Marriage isn't just one person in the boat pulling the oar. It's TWO of you in that boat together, each pulling on the oars, working together.

The BETTER question may be "Are you BOTH doing enough - for the other?" 

Best wishes.


----------



## rj700 (Jun 22, 2012)

ocotillo said:


> ukf32
> 
> I have just one small counter observation to your insightful posts:
> 
> ...


:iagree:

This really rings true. I don't believe that most LD spouses truly understand this.


----------



## Havesomethingtosay (Nov 1, 2011)

More & more depressed reading this thread......

Why is it so difficult to understand that if you had a good sex life prior and early in the marriage, that it slipping away is a terrible thing especially if you have (pardon my superficiality) maintained looks, hygiene, weight and aged gracefully? Yep there are ebbs and flows, ups & downs, outside stresses, physical health, kids, finances and the like that will affect the above, but damn, the sacrifices made in a marriage is a two-way street.

Never do I want to hear a woman say (yes sexist) that they cooked or cleaned, kept the house in order or drove the children around and that kept them from "getting" in the mood for sex or that the husband should value that.

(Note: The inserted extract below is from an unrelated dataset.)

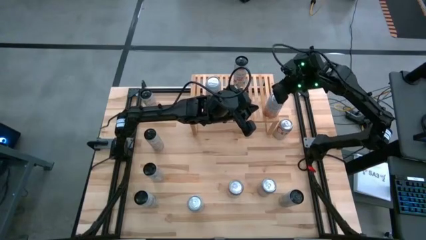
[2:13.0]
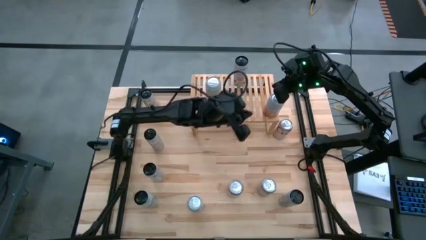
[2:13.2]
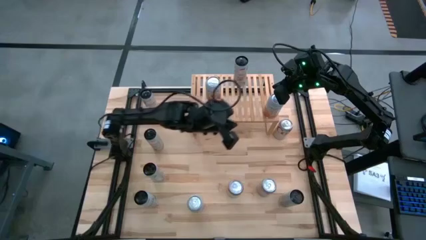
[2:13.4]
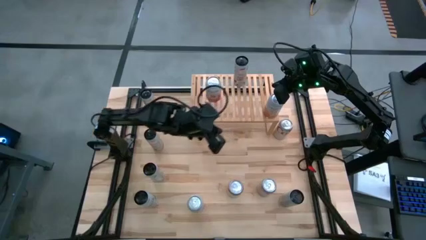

The spouse would surely give up so so much of these superficialities for more sex. 

And heck be honest..... When you married did you not have expectations of your spouse to grow as a person and if they are the "breadwinner" to be successful and advance in their career? The HD spouse for lack of a better word expects sex to be maintained or grow thanks to the comfort and within the confines of a happy marriage. 

We know that there will be periods where sex is off the table and the mood killed and can roll with them, but when things are good and there is little more then the day to day to worry about and we hear "not tonight, I have another load to do and I must do dishes, because I won't use the dishwasher...." we know that it is another day lost.

And you wonder why we have mid-life crisis'...... 

So OP, again thanks for the thread and your honesty, but I do wonder if you really understand the depth of why you shun sex and your husband when everything works.

As said men are stoopid and I am particularly stoopid, but if you "O" 90% of the time and you can get in the mood and "O" say 1X/wk, try 2X's/wk and if you "O" both times, why not 3X/wk? 

Oh yea and for the majority we are talking what, 30 mins max of an imposition?


----------



## SprucHub (Jan 13, 2012)

ukf32 said:


> In response to some comments I've read here and on other threads, I have 1 simple question. From what you've read here and based on your opinion and experience:
> 
> Am I doing enough?
> 
> I feel I have made good progress but am disheartened to read things that allude to the fact that no matter what I do it will not be enough. If I don't reach the point where my desire for sex is autonomous, is our marriage eventually doomed to failure? If I don't want sex automatically and on my own in the future, are all the steps I'm taking just a futile attempt at resolving the issue and merely prolonging my husband's discontent? Failing all else- would I be better off giving the impression that all is 'fixed'?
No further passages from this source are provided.